Source: Calibrate Technologies

Running out of feed is never a desirable situation, but as harvest gets underway it’s not unlikely for feed inventories to start to dwindle. If inventories do run low, you may be forced to purchase additional feed ingredients.

To ease the purchase of feed ingredients, Kevin Leahy, nutritionist and technical services manager with Calibrate® Technologies suggests dairymen look to rumen degradable starch testing. The insights garnered from rumen degradable starch testing could potentially save money when it comes to purchasing feed. “You can also make a more informed purchase,” he says.

For example, if purchasing corn, money might not need to be spent for processing because the feed ingredients remaining in inventory on-farm have a highly rumen degradable starch level.

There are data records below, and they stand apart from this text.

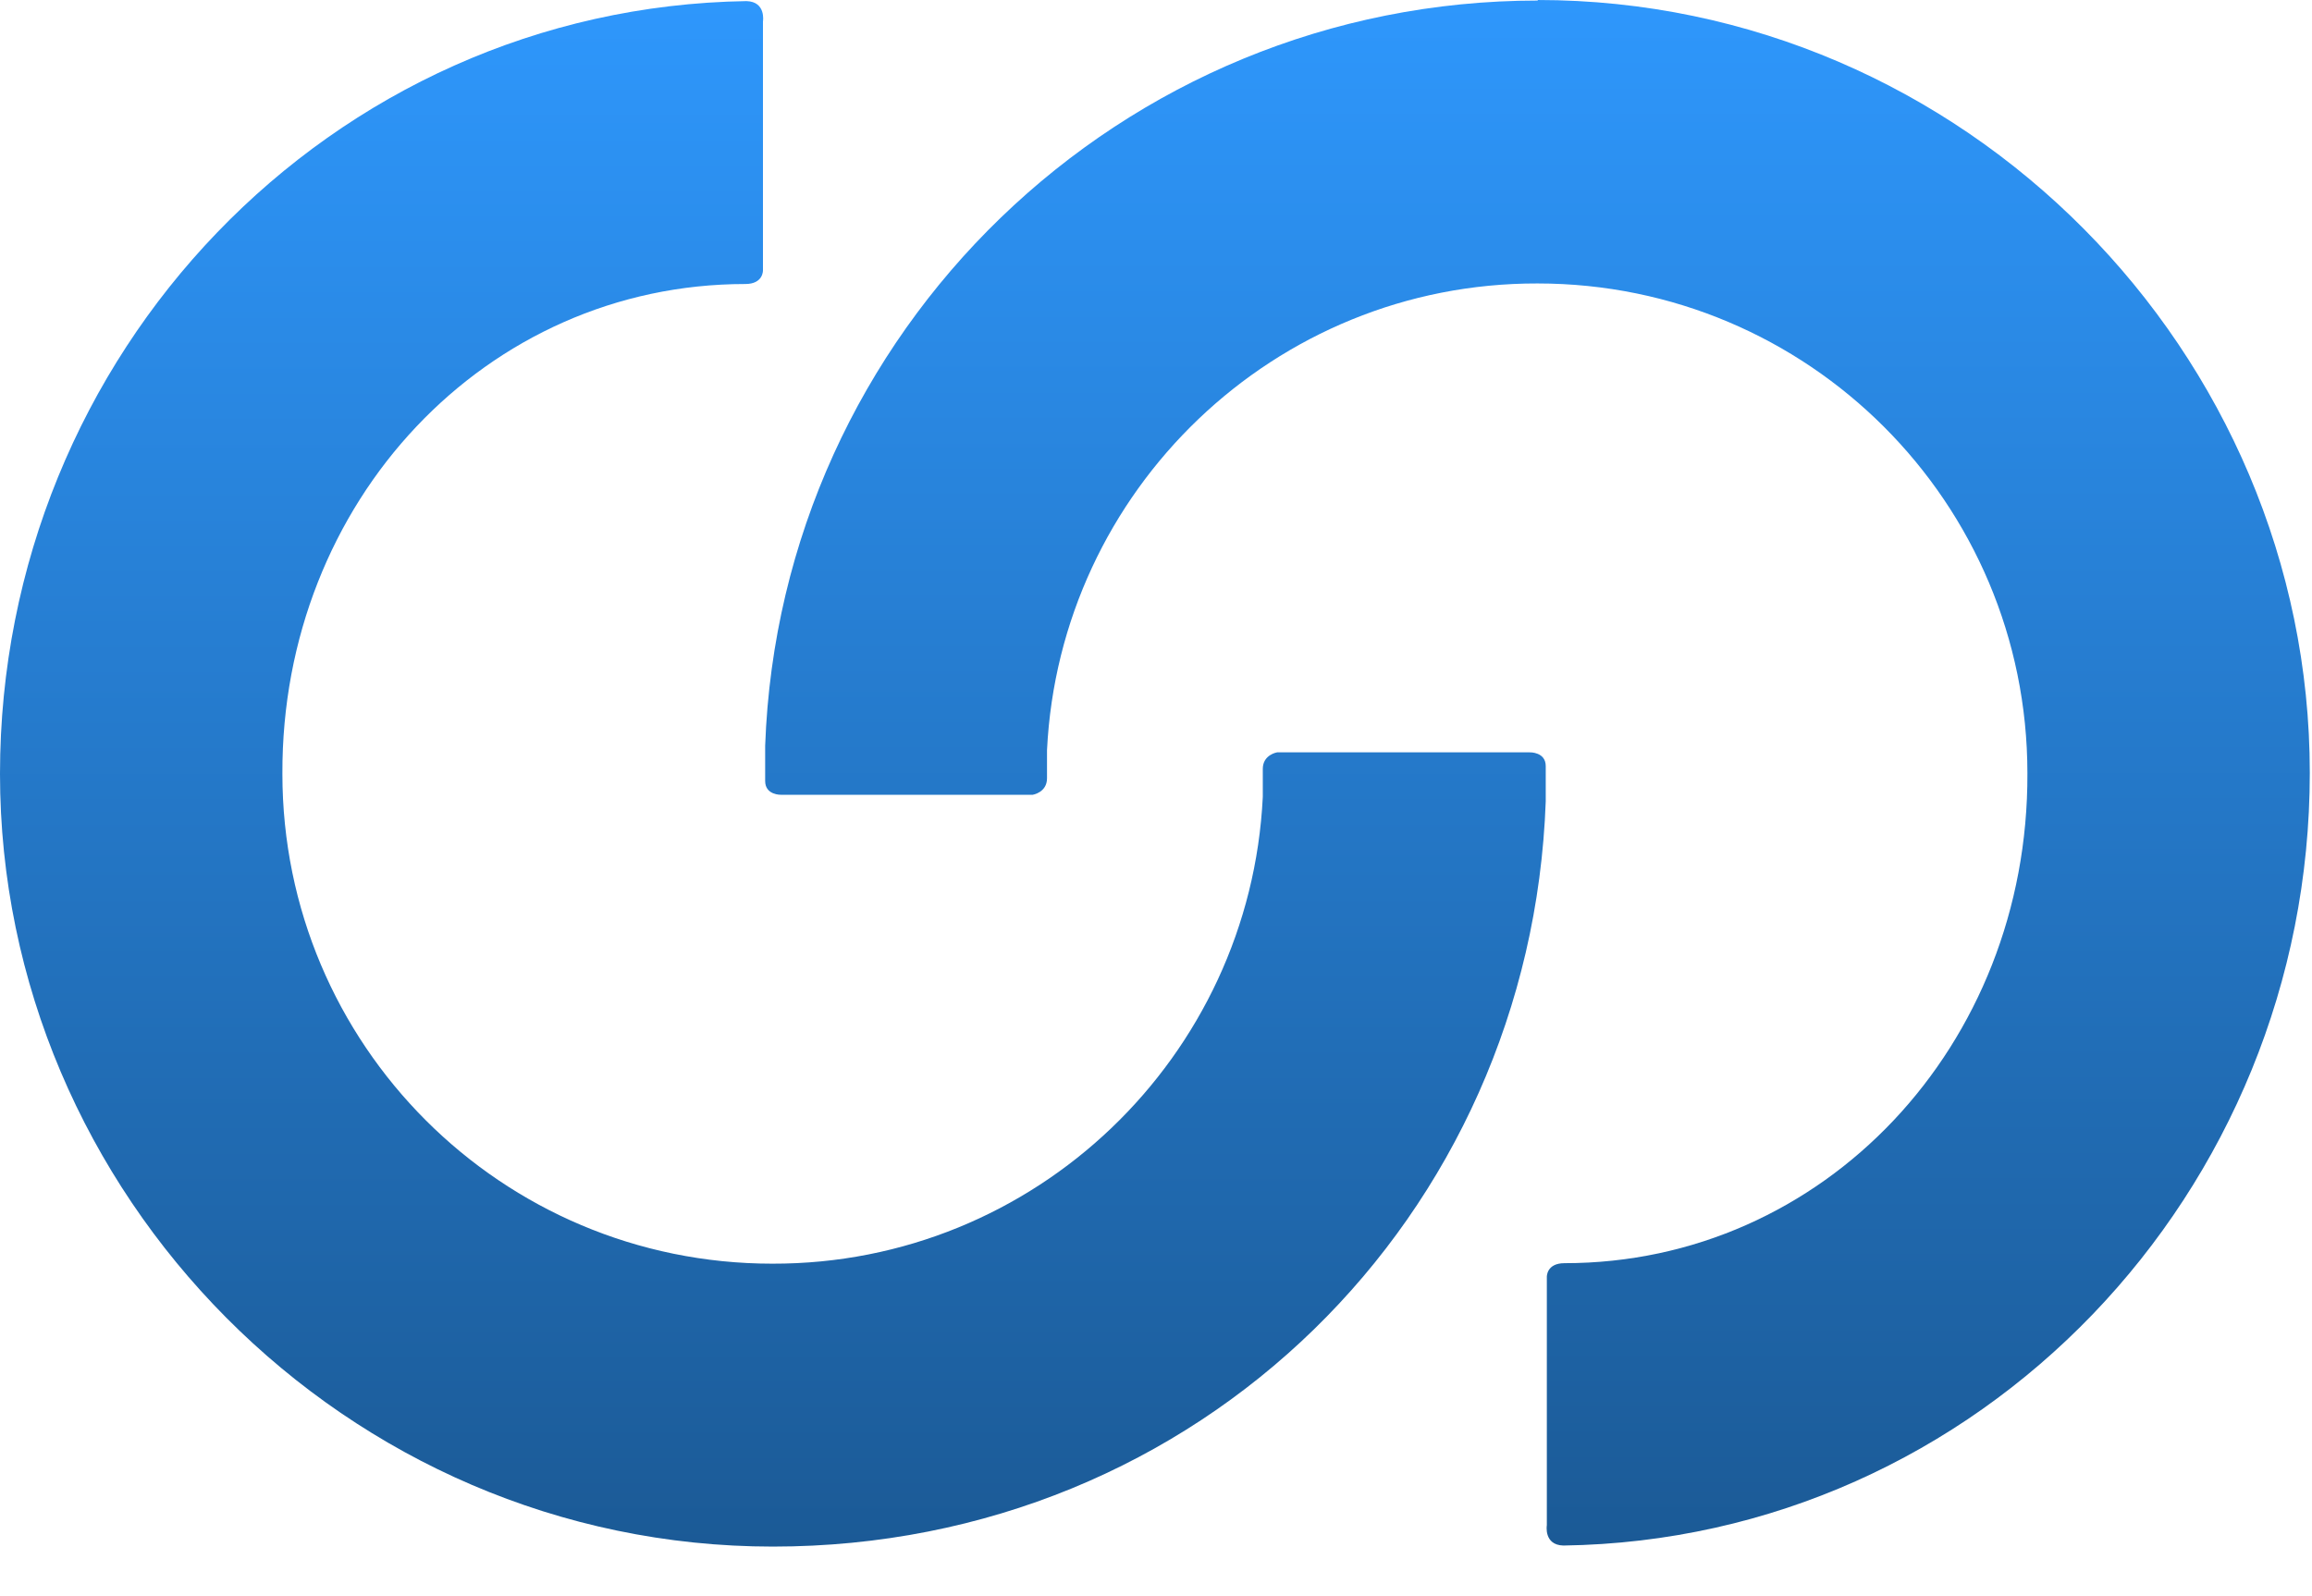 <svg width="42" height="29" viewBox="0 0 42 29" fill="none" xmlns="http://www.w3.org/2000/svg">
<path d="M27.77 13.669H23.2C23.2 13.669 22.94 13.71 22.94 13.97V14.479C22.71 19.2 18.81 22.97 14.03 22.959C9.11 22.959 5.13 18.98 5.13 14.059C5.11 9.11 8.83 5.16 13.54 5.16C13.87 5.16 13.86 4.91 13.86 4.91V0.39C13.86 0.39 13.92 0.03 13.56 0.02C6 0.14 0 6.43 0 14.059C0 21.689 6.28 28.099 14.04 28.099C21.8 28.099 27.81 22.09 28.08 14.559V13.919C28.08 13.659 27.79 13.669 27.79 13.669H27.77Z" fill="url(#paint0_linear_2589_2981)"/>
<path d="M27.94 0.01C20.36 0.01 14.17 6.02 13.9 13.55V14.19C13.9 14.45 14.19 14.44 14.19 14.44H18.76C18.76 14.44 19.02 14.4 19.02 14.14V13.63C19.25 8.91 23.15 5.14 27.93 5.15C32.85 5.15 36.83 9.13 36.83 14.05C36.85 19 33.13 22.95 28.42 22.95C28.09 22.95 28.1 23.2 28.1 23.2V27.71C28.1 27.71 28.04 28.07 28.4 28.08C35.96 27.97 41.96 21.67 41.96 14.04C41.96 6.41 35.69 0 27.93 0" fill="url(#paint1_linear_2589_2981)"/>
<defs>
<linearGradient id="paint0_linear_2589_2981" x1="14.04" y1="0.02" x2="14.04" y2="28.099" gradientUnits="userSpaceOnUse">
<stop stop-color="#2E97FC"/>
<stop offset="1" stop-color="#1B5A96"/>
</linearGradient>
<linearGradient id="paint1_linear_2589_2981" x1="27.93" y1="0" x2="27.93" y2="28.08" gradientUnits="userSpaceOnUse">
<stop stop-color="#2E97FC"/>
<stop offset="1" stop-color="#1B5A96"/>
</linearGradient>
</defs>
</svg>

Eliminating processing like flaking or rolling could result in financial savings. Leahy notes that flaking increases the moisture content of the corn and you often end up paying for more water.

Knowing the rumen degradable starch content might also provide the opportunity to look at a byproduct ingredient that offers starch. This can open the door to including more cost-saving byproduct ingredients in the ration. Insight on the rumen degradable starch content could allow for greater use of ingredients like hominy, corn gluten feed, bakery byproducts and corn flour, replacing the need for purchasing corn grain. “The use of byproduct feeds could potentially lower purchased feed cost,” says Leahy.

Information from a rumen degradable starch test can also help with inventory management. Case in point, if a dairy producer measures the remaining inventory in his silage bunker and determines he must decrease the amount of silage fed per day by 4 pounds of dry matter for the remainder of the year, to avoid running out of corn silage, a rumen degradable starch test can help.

Leahy explains, “If the dairymen’s nutritionist runs a rumen degradable starch test on the corn silage and learns that the ruminal degradability of that starch is high, they can use that information when determining what type of byproduct ingredients could be used to replace the starch provided by those 4 pounds of corn silage. The nutritionist may find that starch containing ingredients with lower ruminal starch degradability, and likely lower processing costs, will work to provide the optimum amount of rumen degradable starch in the ration; maintaining production while decreasing ration cost.”

Regardless of the situation, knowledge gained from rumen degradable starch tests can provide information that could save money.